In the new chapter, Dive into Deep Learning offers an overview of research in the psychology of attention, which dates back to the 19th century, and how to apply our understanding of it to computers. That includes developing models for how a computer should “weight” what it sees in order of importance.
One challenge in the attention field is that it remains computationally intensive, says Smola. In recent years the “Transformer” model, which applies advanced algorithms to sequences of words to determine a logical sequence, has emerged to help address that challenge. Transformers drive some of the most powerful NLP models today, such as GPT-3.
“Transformers have revolutionized NLP,” says Smola. “They allow me to jump forward and back many steps — in a sequence of words, for instance — very efficiently, almost like a wave form, rather than just one step at a time. That creates a lot more computational efficiency.”
The new D2L chapter addresses key elements of Transformers and how to apply them to NLP or computer-vision problems.
The attention chapter is rich with models, examples, and code that students can experiment with as they go along. Examples are offered in both MXNet and PyTorch, giving users a choice of machine-learning frameworks to choose from.
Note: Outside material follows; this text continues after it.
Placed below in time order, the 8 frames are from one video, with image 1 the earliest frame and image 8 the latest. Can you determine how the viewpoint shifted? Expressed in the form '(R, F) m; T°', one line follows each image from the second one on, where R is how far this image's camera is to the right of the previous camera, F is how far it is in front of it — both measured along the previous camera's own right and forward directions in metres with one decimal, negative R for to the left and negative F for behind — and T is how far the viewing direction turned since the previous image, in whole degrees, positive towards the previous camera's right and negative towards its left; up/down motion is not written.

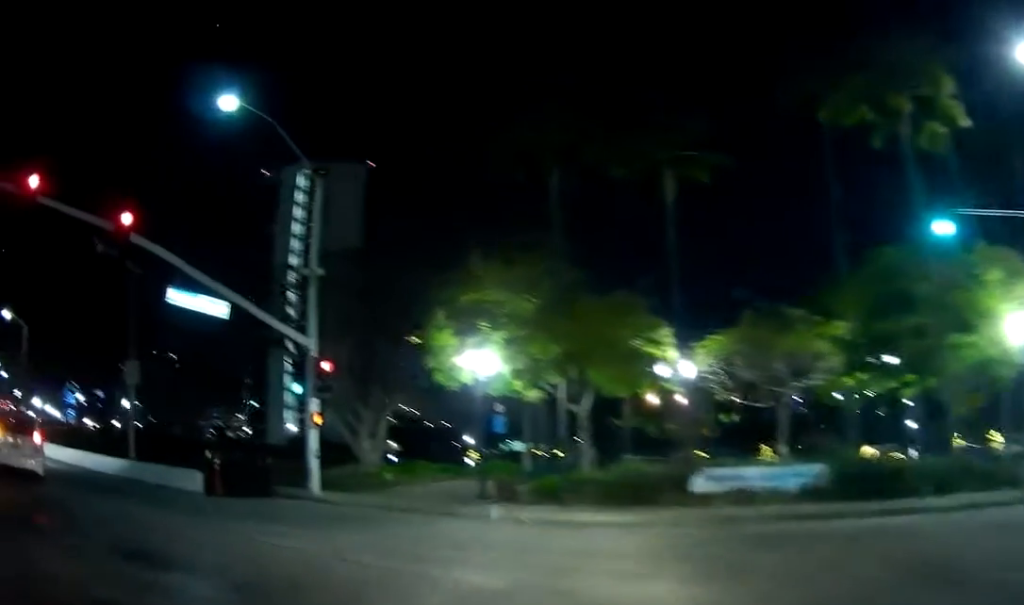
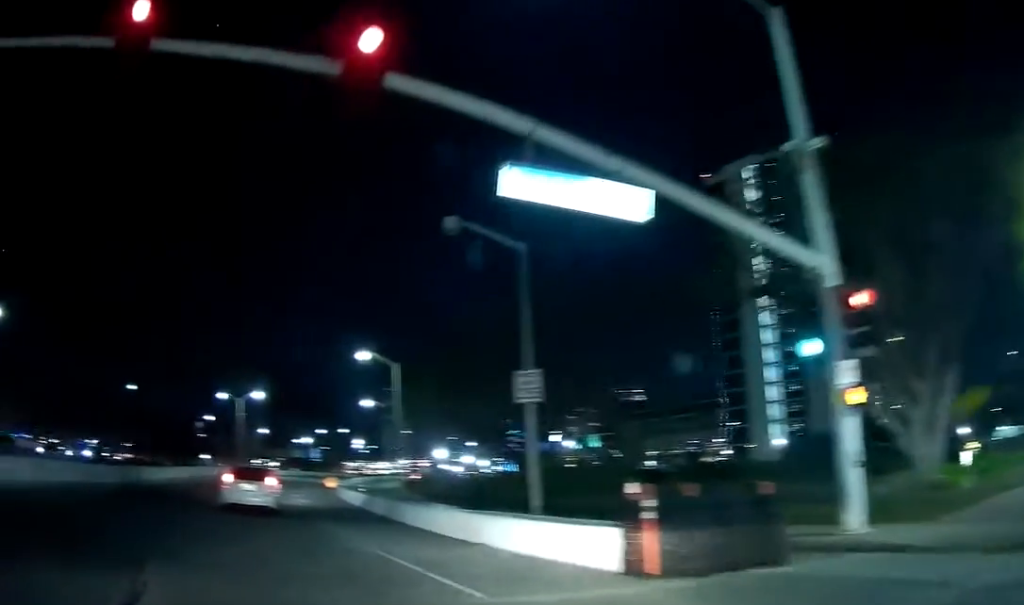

The authors also focused on making the subject of attention approachable to students. Attention can be a difficult concept to conquer, with subtle mathematics and sometimes abstract concepts.
Meanwhile, the first third of the new chapter has been translated into Chinese and Turkish. The Chinese market is one of the biggest for Dive into Deep Learning, where it is used by 20 universities as a textbook. The Turkish version came about due to the large community of machine-learning experts in that country.
As an adjunct to the book, the D2L team has also launched a series of “boot camp” video tutorials on its YouTube channel. Smola who, like many other people during the pandemic is working from home, discovered he had some time on his hands. He decided to spend some of it creating new videos — his 11-year-old daughter helped with set-staging. Each video lasts from 15 to 20 minutes and is modeled on relevant chapters in Dive into Deep Learning.
The team is working on a print version of Dive into Deep Learning and is also evolving the model for additional content, where the original authors focus less on development of original content, and more on being stewards of what the broader machine-learning community contributes.